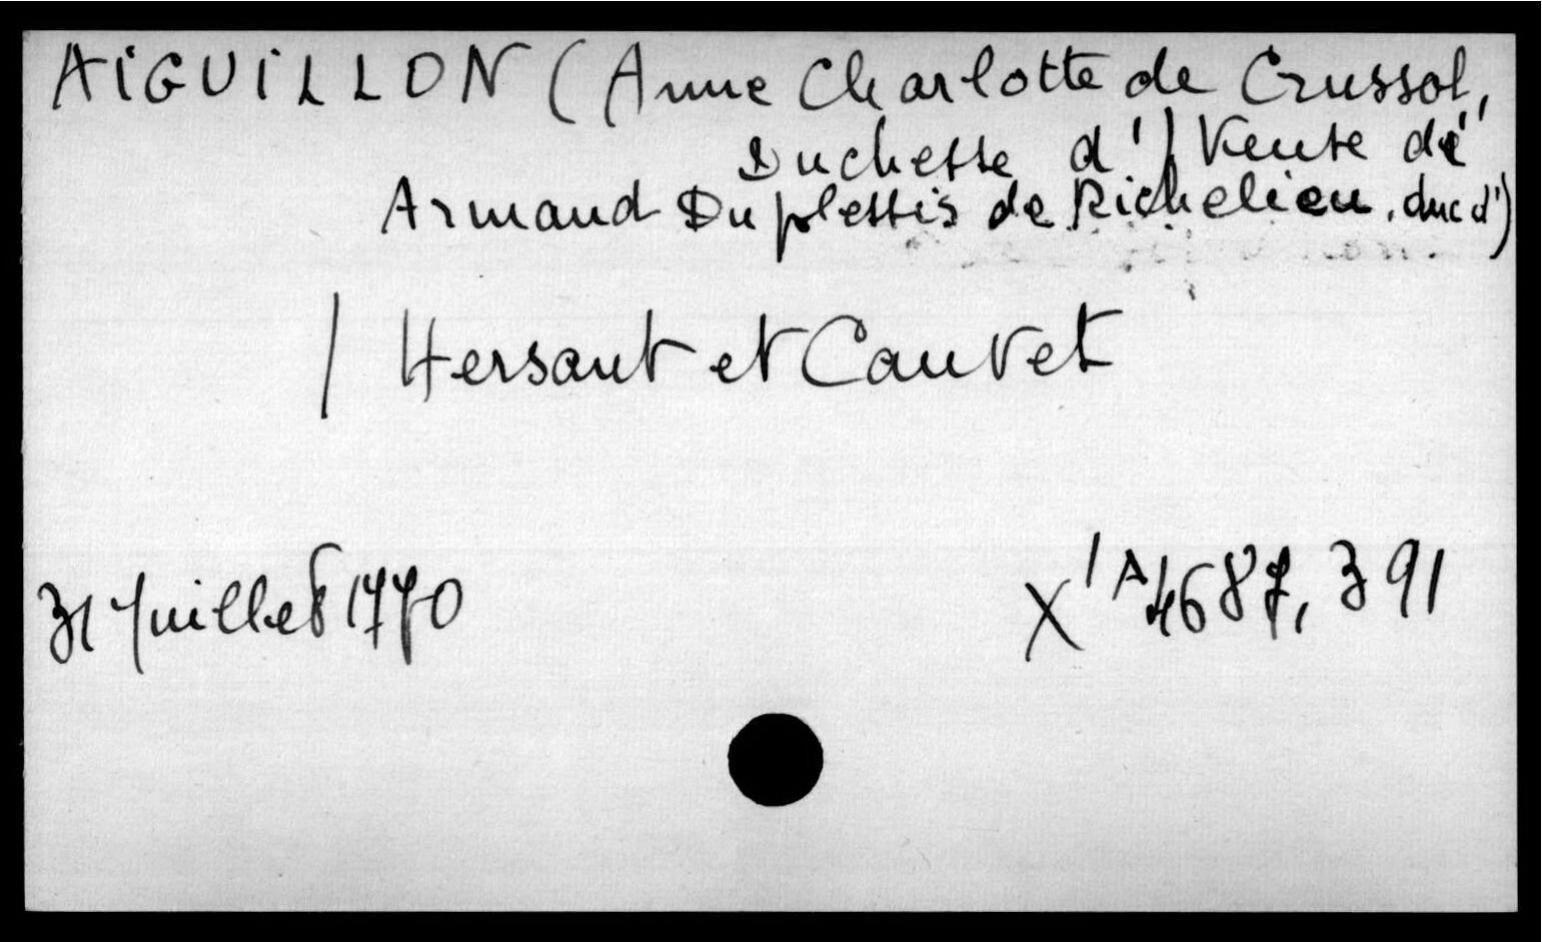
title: AIGUILLON (Anne Charlotte de Crussol, Duchesse d') veuve dé Armand du plessis de Richelieu, duc d')
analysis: Contre Hersant et Cauvet
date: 31 juillet 1770
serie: X1A
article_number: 4687
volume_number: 391
━━━━
▶ **TASK DIRECTIONS**:
Go through the entries and retype them exactly, except for the images.

▶ **RESPONSE FOR THIS EXERCISE**:
title: AIGUILLON (Anne Charlotte de Crussol, Duchesse d') veuve dé Armand du plessis de Richelieu, duc d')
analysis: Contre Hersant et Cauvet
date: 31 juillet 1770
serie: X1A
article_number: 4687
volume_number: 391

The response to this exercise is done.